*** Data extracts

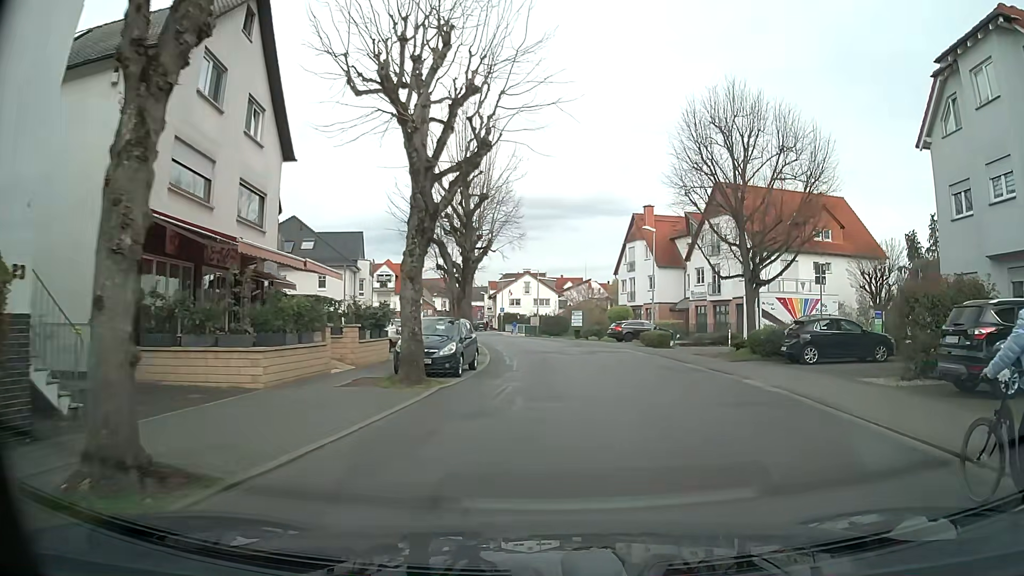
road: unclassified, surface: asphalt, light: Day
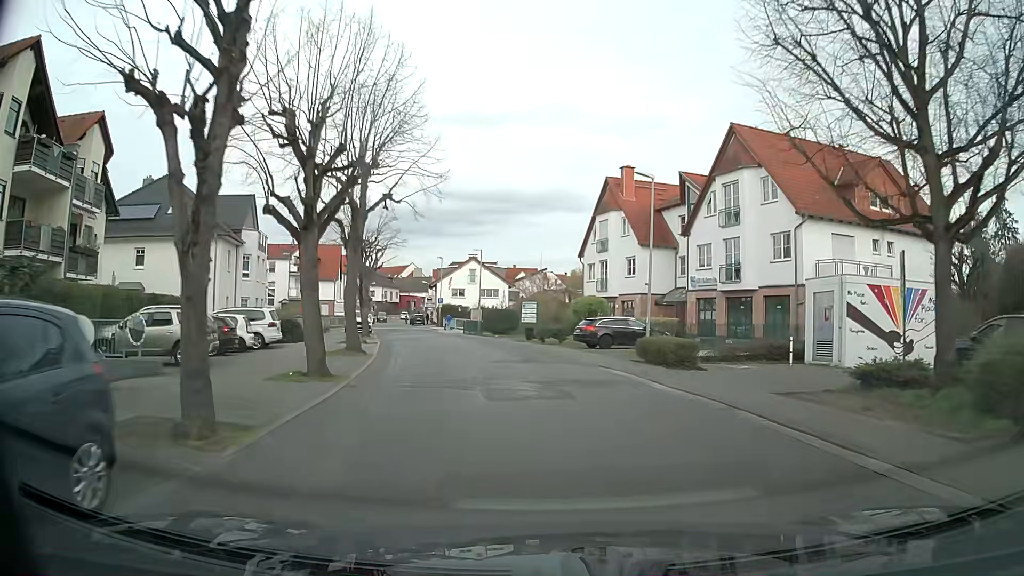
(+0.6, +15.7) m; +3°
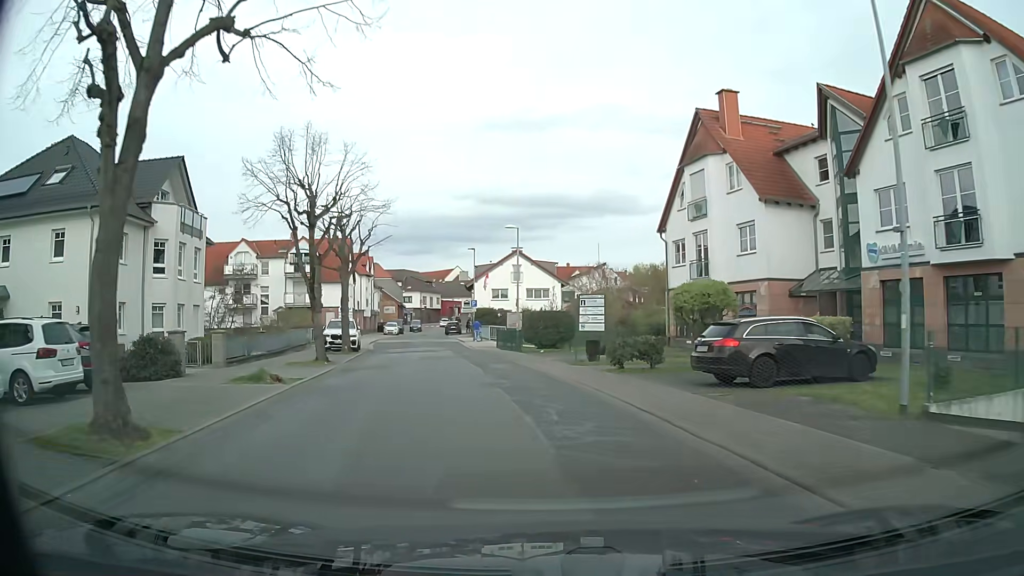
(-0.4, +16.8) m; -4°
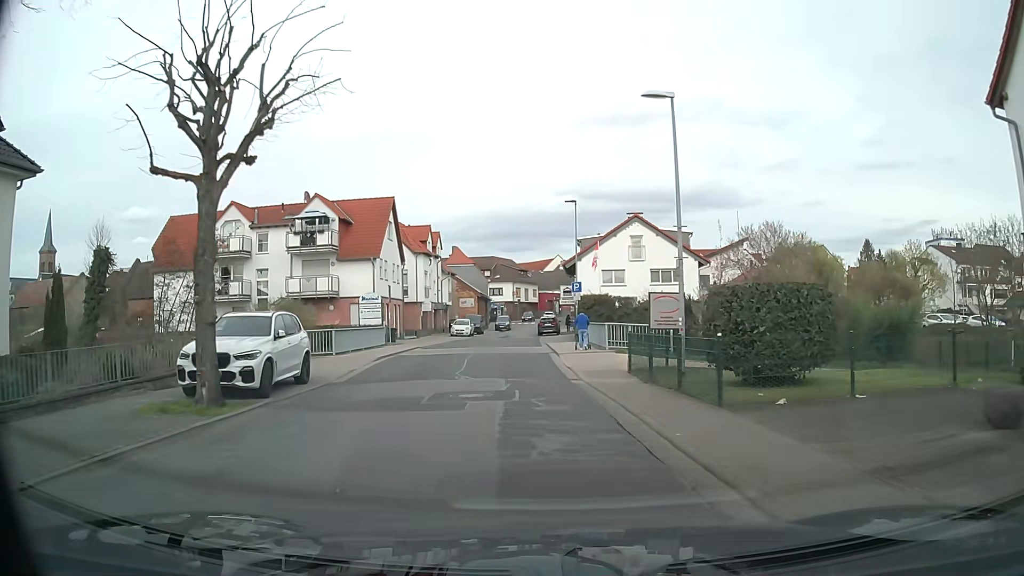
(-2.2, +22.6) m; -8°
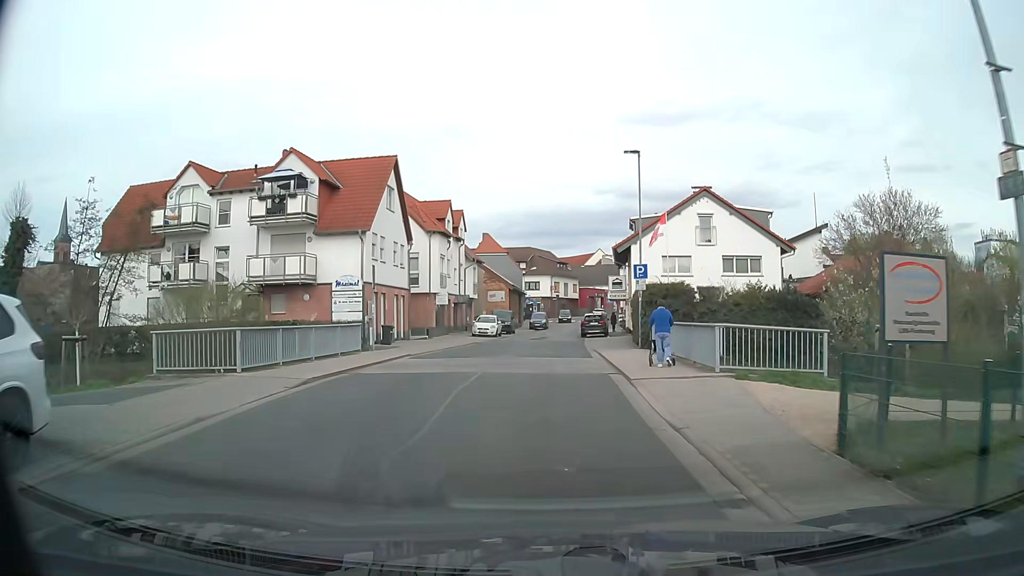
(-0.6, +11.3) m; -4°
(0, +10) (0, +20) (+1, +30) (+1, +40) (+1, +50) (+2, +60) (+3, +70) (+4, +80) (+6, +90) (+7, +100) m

******

▶ Work task: Output the data above exactly; pictures do not belong in the copy.

▶ Exercise response:
road: unclassified, surface: asphalt, light: Day
(+0.6, +15.7) m; +3°
(-0.4, +16.8) m; -4°
(-2.2, +22.6) m; -8°
(-0.6, +11.3) m; -4°
(0, +10) (0, +20) (+1, +30) (+1, +40) (+1, +50) (+2, +60) (+3, +70) (+4, +80) (+6, +90) (+7, +100) m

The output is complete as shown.